Eine Bestellung bezahlst du so vuel wie fr das Köderfangzubehör...

Z.b Stipprute 3-4m: 3-7€
      Schnur(0,10)(25m)- 2€
      Haken(kleine)- 1€
      Schwimmer(05,1,2g)- 0,50-1€

Dann noch paar Bleischrote und ne Dose Maden das wars..evt. noch ein bisschen Futter da brauchst du aber nicht viel 1 Ballen so groß wie eine Faust reicht und immer wieder etwas von dem Ball abbrechen und reinschmeißen oder paar lose Maden.

mfg Flo


----------



## Steinadler (3. Juni 2007)

*AW: Köderfische kaufen*

ich würd se an deiner stelle einfach selbst fangen so wie flo beschrieben hat


----------



## Karpfenchamp (3. Juni 2007)

*AW: Köderfische kaufen*

Was spricht dagegen sie selbst zu fangen.
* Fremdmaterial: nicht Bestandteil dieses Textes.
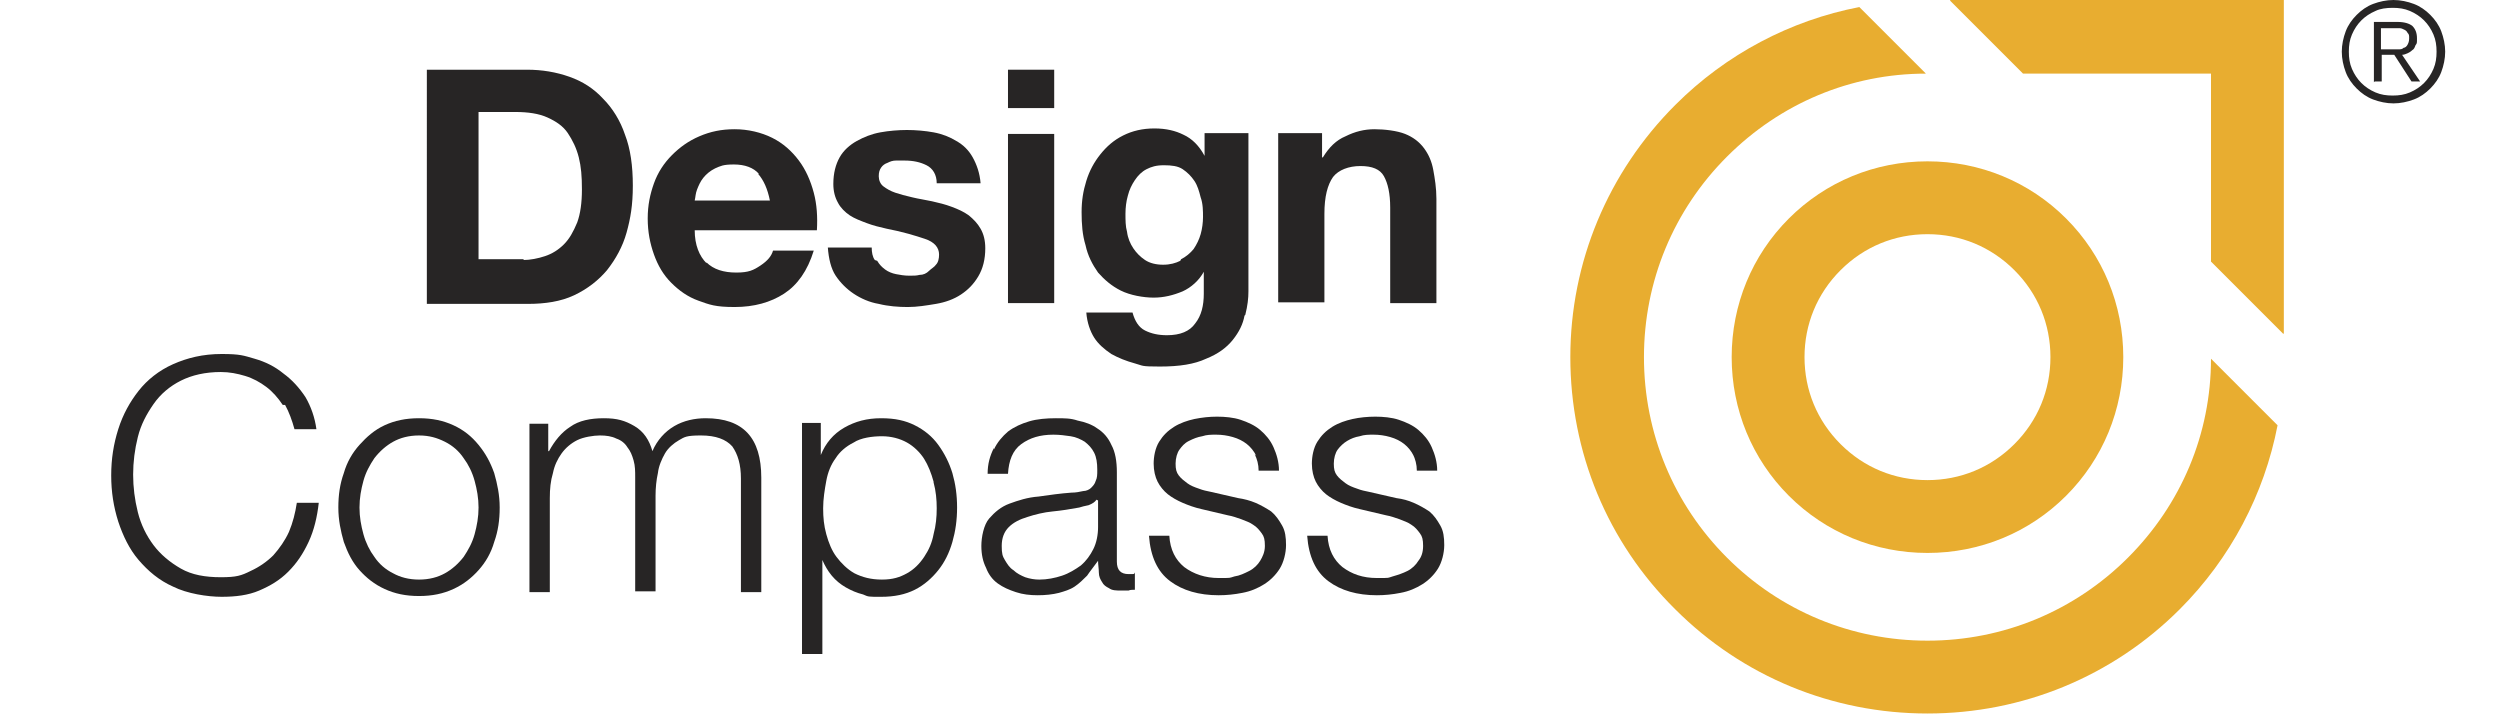 <?xml version="1.0" encoding="UTF-8"?>
<svg id="Circle_2" xmlns="http://www.w3.org/2000/svg" version="1.1" viewBox="0 0 319.2 91.2">
  <!-- Generator: Adobe Illustrator 29.6.0, SVG Export Plug-In . SVG Version: 2.1.1 Build 207)  -->
  <defs>
    <style>
      .st0 {
        fill: #e8ad30;
      }

      .st1 {
        fill: #272525;
      }
    </style>
  </defs>
  <g>
    <g>
      <path class="st1" d="M67.3,8.9c1.9,0,3.7.3,5.4.9,1.7.6,3.1,1.5,4.3,2.8,1.2,1.2,2.2,2.8,2.8,4.6.7,1.8,1,4,1,6.5s-.3,4.2-.8,6-1.4,3.4-2.5,4.8c-1.1,1.3-2.5,2.4-4.2,3.2-1.7.8-3.7,1.1-5.9,1.1h-12.9V8.9h12.9ZM66.8,33.2c.9,0,1.9-.2,2.8-.5s1.7-.8,2.4-1.5c.7-.7,1.2-1.6,1.7-2.8.4-1.1.6-2.5.6-4.2s-.1-2.9-.4-4.1c-.3-1.2-.8-2.2-1.4-3.1s-1.5-1.5-2.6-2c-1.1-.5-2.5-.7-4.1-.7h-4.7v18.8h5.8Z"/>
      <path class="st1" d="M90.2,33.5c.9.9,2.2,1.3,3.8,1.3s2.2-.3,3.1-.9c.9-.6,1.4-1.2,1.6-1.9h5.2c-.8,2.6-2.1,4.4-3.8,5.5-1.7,1.1-3.8,1.7-6.3,1.7s-3.2-.3-4.6-.8c-1.4-.5-2.5-1.3-3.5-2.3-1-1-1.7-2.2-2.2-3.6s-.8-2.9-.8-4.6.3-3.1.8-4.5c.5-1.4,1.3-2.6,2.3-3.6,1-1,2.1-1.8,3.5-2.4s2.8-.9,4.5-.9,3.4.4,4.8,1.1,2.5,1.7,3.4,2.9c.9,1.2,1.5,2.6,1.9,4.1s.5,3.1.4,4.8h-15.6c0,1.9.6,3.3,1.5,4.2ZM96.9,22.2c-.7-.8-1.8-1.2-3.2-1.2s-1.7.2-2.4.5c-.6.3-1.1.7-1.5,1.2-.4.5-.6,1-.8,1.5-.2.5-.2,1-.3,1.4h9.6c-.3-1.5-.8-2.6-1.5-3.4Z"/>
      <path class="st1" d="M112,33.3c.3.5.6.8,1,1.1.4.3.9.5,1.4.6.5.1,1.1.2,1.7.2s.9,0,1.3-.1c.5,0,.9-.2,1.2-.5s.7-.5.9-.8c.3-.3.4-.8.4-1.3,0-.9-.6-1.6-1.8-2s-2.8-.9-4.9-1.3c-.9-.2-1.7-.4-2.5-.7-.8-.3-1.6-.6-2.2-1-.6-.4-1.2-1-1.5-1.6-.4-.7-.6-1.5-.6-2.4,0-1.4.3-2.5.8-3.4.5-.9,1.3-1.6,2.2-2.1.9-.5,1.9-.9,3-1.1,1.1-.2,2.3-.3,3.4-.3s2.3.1,3.4.3,2.1.6,2.9,1.1c.9.5,1.6,1.2,2.1,2.1s.9,2,1,3.3h-5.6c0-1.1-.5-1.9-1.3-2.3-.8-.4-1.7-.6-2.8-.6s-.7,0-1.1,0c-.4,0-.7.1-1.1.3-.3.1-.6.3-.8.6s-.3.6-.3,1.1.2,1,.6,1.3c.4.3.9.6,1.5.8.6.2,1.3.4,2.2.6.8.2,1.6.3,2.5.5.9.2,1.7.4,2.5.7s1.5.6,2.2,1.1c.6.5,1.1,1,1.5,1.7.4.7.6,1.5.6,2.5,0,1.4-.3,2.6-.9,3.6-.6,1-1.3,1.7-2.2,2.3s-2,1-3.2,1.2-2.4.4-3.6.4-2.5-.1-3.7-.4c-1.2-.2-2.3-.7-3.2-1.3s-1.7-1.4-2.3-2.3-.9-2.2-1-3.6h5.6c0,.6.1,1.2.4,1.6Z"/>
      <path class="st1" d="M128.7,13.8v-4.9h5.9v4.9h-5.9ZM134.6,17.1v21.6h-5.9v-21.6h5.9Z"/>
      <path class="st1" d="M158.9,40.3c-.2,1.1-.7,2.1-1.5,3.1s-1.9,1.8-3.4,2.4c-1.5.7-3.4,1-5.9,1s-2.1-.1-3.2-.4c-1.1-.3-2.1-.7-3-1.2-.9-.6-1.7-1.3-2.2-2.1s-.9-1.9-1-3.2h5.9c.3,1.1.8,1.9,1.6,2.3.8.4,1.7.6,2.8.6,1.7,0,2.9-.5,3.6-1.5.8-1,1.1-2.3,1.1-3.8v-2.8h0c-.6,1.1-1.6,2-2.7,2.5-1.2.5-2.4.8-3.7.8s-3-.3-4.2-.9-2.1-1.4-2.9-2.3c-.7-1-1.3-2.1-1.6-3.5-.4-1.3-.5-2.7-.5-4.2s.2-2.7.6-4c.4-1.3,1-2.4,1.8-3.4s1.7-1.8,2.9-2.4,2.5-.9,4-.9,2.7.3,3.7.8c1.1.5,2,1.4,2.7,2.7h0v-2.9h5.6v20.2c0,.9-.1,1.8-.4,3ZM150.8,33.1c.6-.3,1.2-.8,1.6-1.3.4-.6.7-1.2.9-1.9s.3-1.5.3-2.2,0-1.7-.3-2.5c-.2-.8-.4-1.5-.8-2.1-.4-.6-.9-1.1-1.5-1.5-.6-.4-1.4-.5-2.4-.5s-1.6.2-2.2.5c-.6.3-1.1.8-1.5,1.4-.4.6-.7,1.2-.9,2-.2.7-.3,1.5-.3,2.3s0,1.6.2,2.3c.1.8.4,1.5.8,2.1.4.6.9,1.1,1.5,1.5.6.4,1.4.6,2.3.6s1.6-.2,2.2-.5Z"/>
      <path class="st1" d="M168.8,17.1v3h.1c.8-1.3,1.7-2.2,2.9-2.7,1.2-.6,2.4-.9,3.7-.9s2.9.2,3.9.6c1,.4,1.8,1,2.4,1.8s1,1.7,1.2,2.8c.2,1.1.4,2.3.4,3.7v13.3h-5.9v-12.2c0-1.8-.3-3.1-.8-4s-1.5-1.3-3-1.3-2.8.5-3.5,1.4c-.7,1-1.1,2.5-1.1,4.7v11.3h-5.9v-21.6h5.6Z"/>
      <path class="st1" d="M36.1,51.7c-.6-.9-1.3-1.7-2.1-2.3-.8-.6-1.7-1.1-2.7-1.4-1-.3-2-.5-3.1-.5-2,0-3.7.4-5.1,1.1s-2.6,1.7-3.5,3-1.6,2.6-2,4.2c-.4,1.6-.6,3.2-.6,4.8s.2,3.2.6,4.8c.4,1.6,1.1,3,2,4.2.9,1.2,2.1,2.2,3.5,3,1.4.8,3.1,1.1,5.1,1.1s2.6-.2,3.8-.8c1.1-.5,2.1-1.2,2.9-2,.8-.9,1.5-1.9,2-3,.5-1.2.8-2.4,1-3.7h2.8c-.2,1.8-.6,3.5-1.3,5s-1.5,2.7-2.6,3.8-2.3,1.8-3.7,2.4c-1.4.6-3,.8-4.8.8s-4.4-.4-6.2-1.3c-1.8-.8-3.2-2-4.4-3.4-1.2-1.4-2-3.1-2.6-4.9-.6-1.9-.9-3.8-.9-5.9s.3-4,.9-5.9c.6-1.9,1.5-3.5,2.6-4.9s2.6-2.6,4.4-3.4c1.8-.8,3.8-1.3,6.2-1.3s2.8.2,4.2.6c1.4.4,2.6,1,3.7,1.9,1.1.8,2,1.8,2.8,3,.7,1.2,1.2,2.6,1.4,4.1h-2.8c-.3-1.1-.7-2.2-1.2-3.1Z"/>
      <path class="st1" d="M57.9,54.3c1.3.6,2.3,1.4,3.2,2.5s1.5,2.2,2,3.6c.4,1.4.7,2.8.7,4.4s-.2,3-.7,4.4c-.4,1.4-1.1,2.6-2,3.6s-1.9,1.8-3.2,2.4c-1.3.6-2.7.9-4.4.9s-3.1-.3-4.4-.9c-1.3-.6-2.3-1.4-3.2-2.4s-1.5-2.2-2-3.6c-.4-1.4-.7-2.8-.7-4.4s.2-3,.7-4.4c.4-1.4,1.1-2.6,2-3.6s1.9-1.9,3.2-2.5c1.3-.6,2.7-.9,4.4-.9s3.1.3,4.4.9ZM50.2,56.4c-.9.5-1.7,1.2-2.4,2.1-.6.9-1.1,1.8-1.4,2.9s-.5,2.2-.5,3.4.2,2.3.5,3.4.8,2.1,1.4,2.9c.6.9,1.4,1.6,2.4,2.1.9.5,2,.8,3.3.8s2.4-.3,3.3-.8c.9-.5,1.7-1.2,2.4-2.1.6-.9,1.1-1.8,1.4-2.9s.5-2.2.5-3.4-.2-2.3-.5-3.4-.8-2.1-1.4-2.9c-.6-.9-1.4-1.6-2.4-2.1-1-.5-2-.8-3.3-.8s-2.4.3-3.3.8Z"/>
      <path class="st1" d="M70,54v3.6h.1c.7-1.3,1.6-2.4,2.7-3.1,1.1-.8,2.6-1.1,4.3-1.1s2.7.3,3.9,1c1.2.7,1.9,1.8,2.3,3.2.6-1.4,1.6-2.5,2.8-3.2,1.2-.7,2.6-1,4-1,4.8,0,7.1,2.5,7.1,7.6v14.6h-2.6v-14.5c0-1.8-.4-3.1-1.1-4.1-.8-.9-2.1-1.4-4-1.4s-2.1.2-2.8.6c-.7.4-1.4,1-1.8,1.7-.4.7-.8,1.6-.9,2.5-.2.9-.3,1.9-.3,2.9v12.2h-2.6v-14.6c0-.7,0-1.4-.2-2.1-.2-.7-.4-1.2-.8-1.7-.3-.5-.8-.9-1.4-1.1-.6-.3-1.3-.4-2.1-.4s-2.1.2-2.9.6c-.8.4-1.5,1-2,1.7s-.9,1.5-1.1,2.5c-.3,1-.4,2-.4,3.2v12h-2.6v-21.5h2.4Z"/>
      <path class="st1" d="M104.8,54v4.1h0c.6-1.5,1.6-2.7,3-3.5,1.4-.8,2.9-1.2,4.7-1.2s3.1.3,4.3.9,2.2,1.4,3,2.5,1.4,2.3,1.8,3.6c.4,1.4.6,2.8.6,4.4s-.2,3-.6,4.4c-.4,1.4-1,2.6-1.8,3.6-.8,1-1.8,1.9-3,2.5s-2.6.9-4.3.9-1.6,0-2.3-.3c-.8-.2-1.5-.5-2.2-.9-.7-.4-1.3-.9-1.8-1.5-.5-.6-.9-1.3-1.2-2h0v12h-2.6v-29.5h2.4ZM119.2,61.5c-.3-1.1-.7-2.1-1.2-2.9s-1.3-1.6-2.2-2.1c-.9-.5-2-.8-3.2-.8s-2.7.2-3.6.8c-1,.5-1.8,1.2-2.3,2-.6.8-1,1.8-1.2,2.9s-.4,2.3-.4,3.5.1,2.2.4,3.3c.3,1.1.7,2.1,1.3,2.9s1.4,1.6,2.3,2.1c1,.5,2.1.8,3.5.8s2.3-.3,3.2-.8c.9-.5,1.6-1.2,2.2-2.1s1-1.8,1.2-2.9c.3-1.1.4-2.2.4-3.3s-.1-2.2-.4-3.3Z"/>
      <path class="st1" d="M126.9,57.4c.4-.9,1.1-1.7,1.8-2.3.8-.6,1.7-1,2.7-1.3,1-.3,2.2-.4,3.4-.4s1.9,0,2.8.3c1,.2,1.8.5,2.5,1,.8.5,1.4,1.2,1.8,2.1.5.9.7,2.1.7,3.5v11.4c0,1.1.5,1.6,1.5,1.6s.6,0,.8-.2v2.2c-.3,0-.6,0-.8.1-.2,0-.5,0-.9,0-.7,0-1.2,0-1.6-.3-.4-.2-.7-.4-.9-.8-.2-.3-.4-.7-.4-1.2,0-.5-.1-1-.1-1.5h0c-.5.7-1,1.3-1.4,1.9-.5.5-1,1-1.6,1.4s-1.3.6-2,.8c-.8.2-1.7.3-2.7.3s-1.9-.1-2.8-.4-1.6-.6-2.3-1.1c-.7-.5-1.2-1.2-1.5-2-.4-.8-.6-1.7-.6-2.8s.3-2.7,1-3.5,1.5-1.5,2.6-1.9,2.3-.8,3.7-.9c1.4-.2,2.8-.4,4.2-.5.6,0,1-.1,1.5-.2.4,0,.8-.2,1-.4s.5-.5.6-.9c.2-.4.2-.8.2-1.4,0-.9-.1-1.6-.4-2.2-.3-.6-.7-1-1.2-1.4-.5-.3-1.1-.6-1.8-.7-.7-.1-1.4-.2-2.2-.2-1.7,0-3,.4-4.1,1.2-1.1.8-1.6,2.1-1.7,3.8h-2.6c0-1.3.3-2.3.8-3.3ZM140,63.8c-.2.3-.5.5-1,.7-.5.1-.9.2-1.2.3-1.1.2-2.3.4-3.4.5s-2.3.4-3.2.7c-1,.3-1.8.7-2.4,1.3s-.9,1.4-.9,2.4.1,1.3.4,1.8.6,1,1.1,1.3c.4.4,1,.7,1.5.9.6.2,1.2.3,1.8.3,1,0,2-.2,2.9-.5s1.7-.8,2.4-1.3c.7-.6,1.2-1.3,1.6-2.1.4-.8.6-1.8.6-2.8v-3.4h0Z"/>
      <path class="st1" d="M160.4,58.2c-.3-.6-.7-1.1-1.2-1.5-.5-.4-1.1-.7-1.8-.9-.7-.2-1.4-.3-2.1-.3s-1.2,0-1.8.2c-.6.1-1.1.3-1.7.6s-.9.7-1.2,1.1-.5,1.1-.5,1.8.1,1.1.4,1.5c.3.4.7.7,1.1,1,.4.3.9.5,1.5.7.5.2,1,.3,1.5.4l3.5.8c.7.1,1.5.3,2.2.6.7.3,1.4.7,2,1.1.6.5,1,1.1,1.4,1.8.4.7.5,1.5.5,2.5s-.3,2.2-.8,3c-.5.8-1.2,1.5-2,2-.8.5-1.7.9-2.8,1.1-1,.2-2,.3-3,.3-2.5,0-4.6-.6-6.2-1.8-1.6-1.2-2.5-3.1-2.7-5.8h2.6c.1,1.8.8,3.1,1.9,4,1.2.9,2.7,1.4,4.4,1.4s1.3,0,2-.2c.7-.1,1.3-.4,1.9-.7.6-.3,1.1-.8,1.4-1.3s.6-1.1.6-1.9-.1-1.2-.4-1.6c-.3-.4-.6-.8-1.1-1.1-.4-.3-1-.5-1.5-.7-.6-.2-1.1-.4-1.7-.5l-3.4-.8c-.9-.2-1.7-.5-2.4-.8-.7-.3-1.4-.7-1.9-1.1s-1-1-1.3-1.6c-.3-.6-.5-1.4-.5-2.3s.2-2,.7-2.8c.5-.8,1.1-1.4,1.9-1.9.8-.5,1.7-.8,2.6-1,1-.2,1.9-.3,2.9-.3s2.1.1,3,.4c.9.3,1.8.7,2.5,1.3.7.6,1.3,1.3,1.7,2.2s.7,1.9.7,3h-2.6c0-.8-.2-1.5-.5-2.1Z"/>
      <path class="st1" d="M180.5,58.2c-.3-.6-.7-1.1-1.2-1.5-.5-.4-1.1-.7-1.8-.9-.7-.2-1.4-.3-2.1-.3s-1.2,0-1.8.2c-.6.1-1.1.3-1.6.6-.5.3-.9.7-1.2,1.1s-.5,1.1-.5,1.8.1,1.1.4,1.5c.3.4.7.7,1.1,1,.4.3.9.5,1.5.7.5.2,1,.3,1.5.4l3.5.8c.8.1,1.5.3,2.2.6.7.3,1.4.7,2,1.1.6.5,1,1.1,1.4,1.8.4.7.5,1.5.5,2.5s-.3,2.2-.8,3c-.5.8-1.2,1.5-2,2-.8.5-1.7.9-2.8,1.1-1,.2-2,.3-3,.3-2.5,0-4.6-.6-6.2-1.8-1.6-1.2-2.5-3.1-2.7-5.8h2.6c.1,1.8.8,3.1,1.9,4,1.2.9,2.6,1.4,4.4,1.4s1.3,0,2-.2,1.3-.4,1.9-.7c.6-.3,1.1-.8,1.4-1.3.4-.5.6-1.1.6-1.9s-.1-1.2-.4-1.6c-.3-.4-.6-.8-1.1-1.1-.4-.3-1-.5-1.5-.7-.6-.2-1.1-.4-1.7-.5l-3.4-.8c-.9-.2-1.7-.5-2.4-.8-.7-.3-1.4-.7-1.9-1.1s-1-1-1.3-1.6c-.3-.6-.5-1.4-.5-2.3s.2-2,.7-2.8c.5-.8,1.1-1.4,1.9-1.9.8-.5,1.7-.8,2.6-1s1.9-.3,2.9-.3,2.1.1,3,.4,1.8.7,2.5,1.3c.7.6,1.3,1.3,1.7,2.2.4.9.7,1.9.7,3h-2.6c0-.8-.2-1.5-.5-2.1Z"/>
    </g>
    <path class="st0" d="M246.1,70.6c-6.7,0-13-2.6-17.7-7.3-4.7-4.7-7.3-11-7.3-17.7s2.6-13,7.3-17.7c4.7-4.7,11-7.3,17.7-7.3s13,2.6,17.7,7.3h0c4.7,4.7,7.3,11,7.3,17.7s-2.6,13-7.3,17.7c-4.7,4.7-11,7.3-17.7,7.3ZM246.1,29.9c-4.2,0-8.1,1.6-11.1,4.6-3,3-4.6,6.9-4.6,11.1s1.6,8.1,4.6,11.1c3,3,6.9,4.6,11.1,4.6s8.1-1.6,11.1-4.6c3-3,4.6-6.9,4.6-11.1s-1.6-8.1-4.6-11.1c-3-3-6.9-4.6-11.1-4.6Z"/>
    <g>
      <polygon class="st0" points="258.3 9.4 282.3 9.4 282.3 33.4 291.5 42.6 291.6 42.6 291.6 0 249 0 249 .1 258.3 9.4"/>
      <path class="st0" d="M282.3,45.8c0,9.6-3.8,18.6-10.6,25.4-6.8,6.8-15.9,10.6-25.6,10.6s-18.8-3.8-25.6-10.6c-6.8-6.8-10.6-15.9-10.6-25.6s3.8-18.8,10.6-25.6c6.8-6.8,15.8-10.6,25.4-10.6l-8.5-8.5c-8.8,1.7-17,6-23.5,12.5-8.6,8.6-13.4,20.1-13.4,32.2s4.7,23.6,13.4,32.2c8.6,8.6,20.1,13.3,32.2,13.3s23.6-4.7,32.2-13.3c6.5-6.5,10.8-14.7,12.5-23.5l-8.5-8.5Z"/>
    </g>
  </g>
  <path class="st1" d="M308.2.5c.8.3,1.5.8,2.1,1.4.6.6,1.1,1.3,1.4,2.1.3.8.5,1.7.5,2.6s-.2,1.8-.5,2.6-.8,1.5-1.4,2.1c-.6.6-1.3,1.1-2.1,1.4-.8.3-1.7.5-2.6.5s-1.8-.2-2.6-.5c-.8-.3-1.5-.8-2.1-1.4-.6-.6-1.1-1.3-1.4-2.1s-.5-1.7-.5-2.6.2-1.8.5-2.6c.3-.8.8-1.5,1.4-2.1.6-.6,1.3-1.1,2.1-1.4.8-.3,1.7-.5,2.6-.5s1.8.2,2.6.5ZM303.3,1.4c-.7.3-1.3.7-1.8,1.2-.5.5-.9,1.1-1.2,1.8-.3.7-.4,1.4-.4,2.2s.1,1.5.4,2.2c.3.7.7,1.3,1.2,1.8.5.5,1.1.9,1.8,1.2.7.3,1.4.4,2.2.4s1.5-.1,2.2-.4c.7-.3,1.3-.7,1.8-1.2.5-.5.9-1.1,1.2-1.8.3-.7.4-1.4.4-2.2s-.1-1.5-.4-2.2c-.3-.7-.7-1.3-1.2-1.8-.5-.5-1.1-.9-1.8-1.2-.7-.3-1.4-.4-2.2-.4s-1.6.1-2.2.4ZM303.1,10.5V2.8h3c.9,0,1.5.2,1.9.5.4.4.6.9.6,1.6s0,.6-.2.9c-.1.3-.2.5-.4.6-.2.2-.4.3-.6.4-.2.1-.5.2-.7.2l2.3,3.4h-1.1l-2.2-3.4h-1.6v3.4h-.9ZM306.2,6.3c.3,0,.5,0,.7-.2.2,0,.4-.2.5-.4.1-.2.2-.4.2-.8s0-.5-.2-.7c-.1-.2-.2-.3-.4-.4-.2-.1-.4-.2-.6-.2s-.4,0-.7,0h-1.7v2.7h1.3c.3,0,.6,0,.9,0Z"/>
</svg>

Senken ist auch nicht gerade schwer. Ne Senkausrüstung bekommst du auch schon ab 10€. Dann noch einen Stab bzw. langen Stock suchen an den du sie anbindest und schon hast du alles was du brauchst.


----------



## Knispel (3. Juni 2007)

*AW: Köderfische kaufen*

Wenn Du unbedingt kaufen willst :
http://www.koederfisch.eu/startseite.htm?gclid=CK3gmIOBwIwCFSAwZwodHlnuHQ


----------



## esox82 (4. Juni 2007)

*AW: Köderfische kaufen*



Flo-Zanderkönig schrieb:


> Eine Bestellung bezahlst du so vuel wie fr das Köderfangzubehör...
> 
> Z.b Stipprute 3-4m: 3-7€
> Schnur(0,10)(25m)- 2€
> ...


 

|good:|good:|good:

mfg Andy


----------



## JoHo (4. Juni 2007)

*AW: Köderfische kaufen*

hallo,

erstmals danke für die antworten.

wenn ich so nachdenke, habt ihr eigentlich recht. nachdem ich vorige woche sowieso einige schwarzmeergrundeln ungewollterweise an der angel hatte, könnte man das ja systematisch betreiben und ein paar "auf lager" legen. 

solltet ihr welche benötigen, bestellungen zu mir 

grüße
jochen


----------